This work aims at reinforcing the message of Bakken (1976) by presenting a real-life example of the effect of evaporative cooling on the estimation of thermal constants in insects. It is part of an extensive study of the ecophysiology of two hoverfly species, Eristalis tenax and Eristalis pertinax. These are relatively large insects (ranging from 30 to 220 mg) of easy availability across a broad geographical range. They are often encountered in association with honeybees and bumblebees and so should be expected to share similar thermal constraints with these well-studied insects.

Both live and dead specimens of the two species were included in this study, and all were found to be affected by evaporative cooling. For clarity, we only present and analyse the results for dead E. tenax in detail, and give brief comparisons for dead E. pertinax and for live flies.

Experiments were carried out in a temperature-controlled room. Humidity was not controlled; it ranged from 40 to 50 % at ambient temperatures above 18 °C, and from 50 to 80 % at ambient temperatures below 18 °C. Ambient temperature ranged from 11 to 32 °C.

The flies were caught from the field and kept in plastic boxes (in a refrigerator) at 5±1 °C and 96.5±0.4 % relative humidity with access to water. These temperature and humidity conditions mimicked those encountered by overwintering E. tenax and were ideal to reduce activity.

Flies were freshly killed with ethyl acetate. Thoracic temperature Tth was recorded using a hand-made constantan–steel thermocouple (external diameter 0.2 mm) inserted mid-dorsally in the thorax and secured in place using a minimal amount of glue (Copydex, Henkel Ltd, UK), which also prevented any haemolymph leak. The thermocouple was then inserted between two pieces of Styrofoam in a clamp held in a stand so that the fly was suspended from the thermocouple. For the warming up experiments, the fly–thermocouple assemblage was then returned to the refrigerator. When the fly had cooled down to approximately 10 °C below ambient temperature, it was transferred to a glass tank (to reduce draughts), and the thermocouple was connected to a meter (PI 8013, Portec Instruments Ltd, UK) and a chart recorder (L6512, Linseis GmbH, Germany, or BS-272, Gould instruments, UK). Body temperature and ambient temperature were continuously recorded until the fly reached its equilibrium temperature.

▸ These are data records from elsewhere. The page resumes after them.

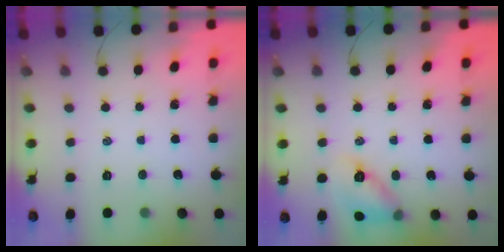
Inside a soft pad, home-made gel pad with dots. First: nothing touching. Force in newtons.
{"total": 11.5, "press": 11.2, "slide": 2.7}
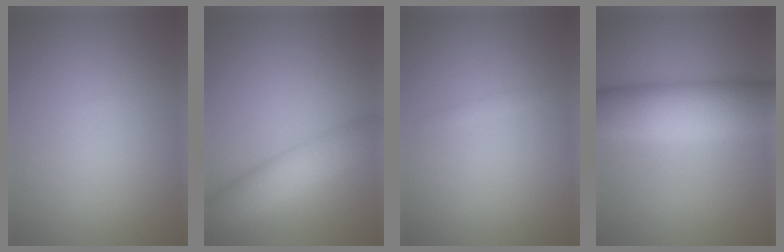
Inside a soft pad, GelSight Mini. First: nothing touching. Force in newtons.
{"total": 5.5, "press": 5.5, "slide": 0.3}
{"total": 0.6, "press": 0.6, "slide": 0.0}
{"total": 10.3, "press": 10.3, "slide": 0.3}
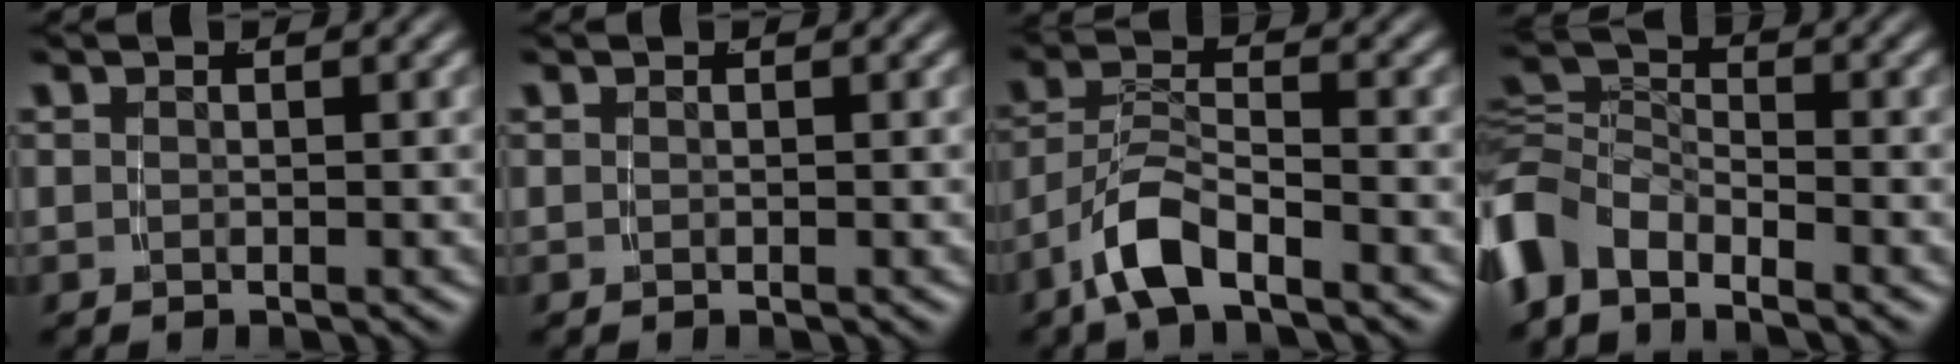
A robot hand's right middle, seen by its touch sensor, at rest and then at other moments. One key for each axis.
{"total": 0.0}
{"total": 4.0, "fx": -2.7, "fy": 1.2, "fz": 2.8, "tx": -0.057, "ty": -0.003, "tz": -0.047}
{"total": 5.4, "fx": -2.8, "fy": 3.7, "fz": 2.8, "tx": -0.075, "ty": -0.023, "tz": -0.048}
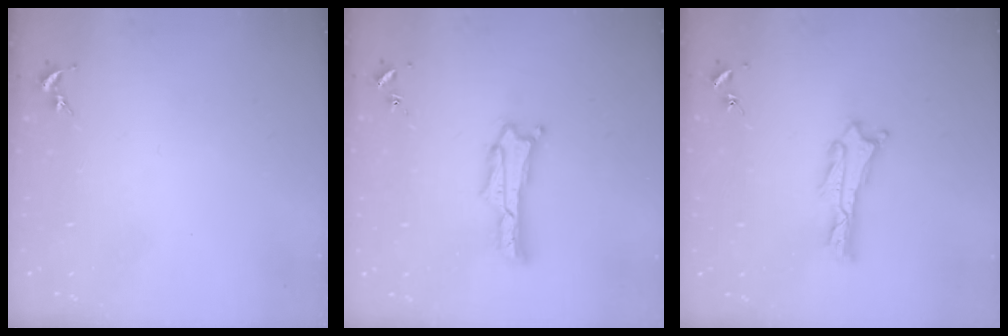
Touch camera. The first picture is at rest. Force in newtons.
{"total": 1.7, "press": 1.7, "slide": 0.3}
{"total": 1.1, "press": 1.1, "slide": 0.2}
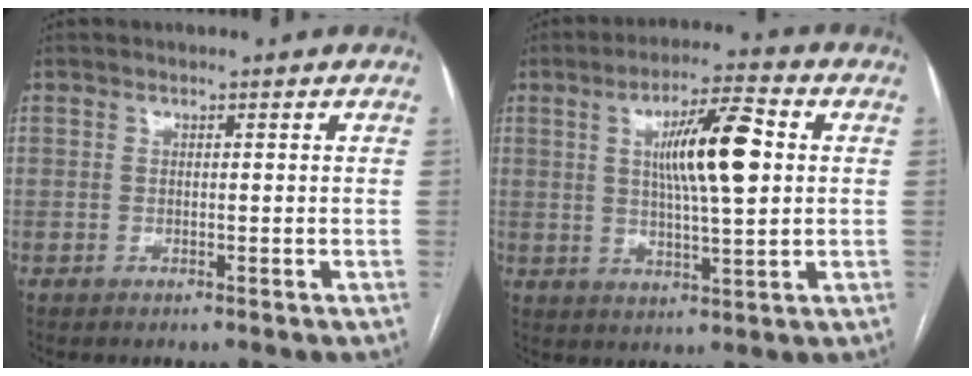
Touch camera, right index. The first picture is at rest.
{"total": 11.5, "force": [2.3, 1.7, 11.1], "torque": [-0.186, 0.010, 0.038]}
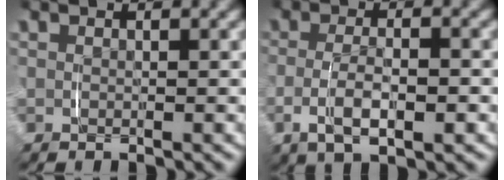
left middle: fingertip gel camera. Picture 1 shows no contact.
{"total": 4.1, "force": [-1.2, 1.8, 3.5], "torque": [-0.064, -0.001, -0.020]}
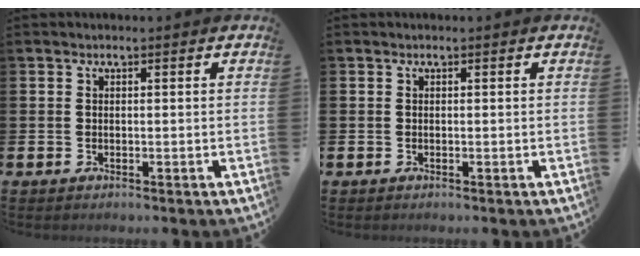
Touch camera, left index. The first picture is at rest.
{"total": 0.0}

For the passive cooling experiment, the flies were warmed with a 60 W bench lamp to approximately 10 °C above ambient temperature before being transferred to the tank. Each experiment with each fly was repeated twice.

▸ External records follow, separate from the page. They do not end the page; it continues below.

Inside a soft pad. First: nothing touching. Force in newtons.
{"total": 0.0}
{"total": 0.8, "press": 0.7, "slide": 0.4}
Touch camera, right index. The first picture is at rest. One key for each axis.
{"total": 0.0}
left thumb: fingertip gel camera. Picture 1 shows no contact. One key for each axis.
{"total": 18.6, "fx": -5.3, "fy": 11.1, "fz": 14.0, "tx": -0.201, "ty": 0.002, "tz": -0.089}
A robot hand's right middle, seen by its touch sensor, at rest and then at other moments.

Recording errors due to heat loss from the thermocouple wires have been shown to be insignificant (Stone and Willmer, 1989).

The flies were weighed at the beginning and end of the experiment (electronic balance, Sartorius Handy H260, Sartorius Ltd, UK; accuracy 1 mg), and the mean of these values was used.

Time and the difference between body and baseline (ambient or equilibrium) temperature were measured directly from the curves traced by the chart recorder. From plots of ln(TthTref) against time, where Tref is either equilibrium or ambient temperature, the gradient of the best fitted line (i.e. k) was obtained. When Ta was used as a baseline, the plots obtained being curved, measurement consistency was achieved by using the gradient of the best fitted line for body temperatures 5–2 °C above or below Ta.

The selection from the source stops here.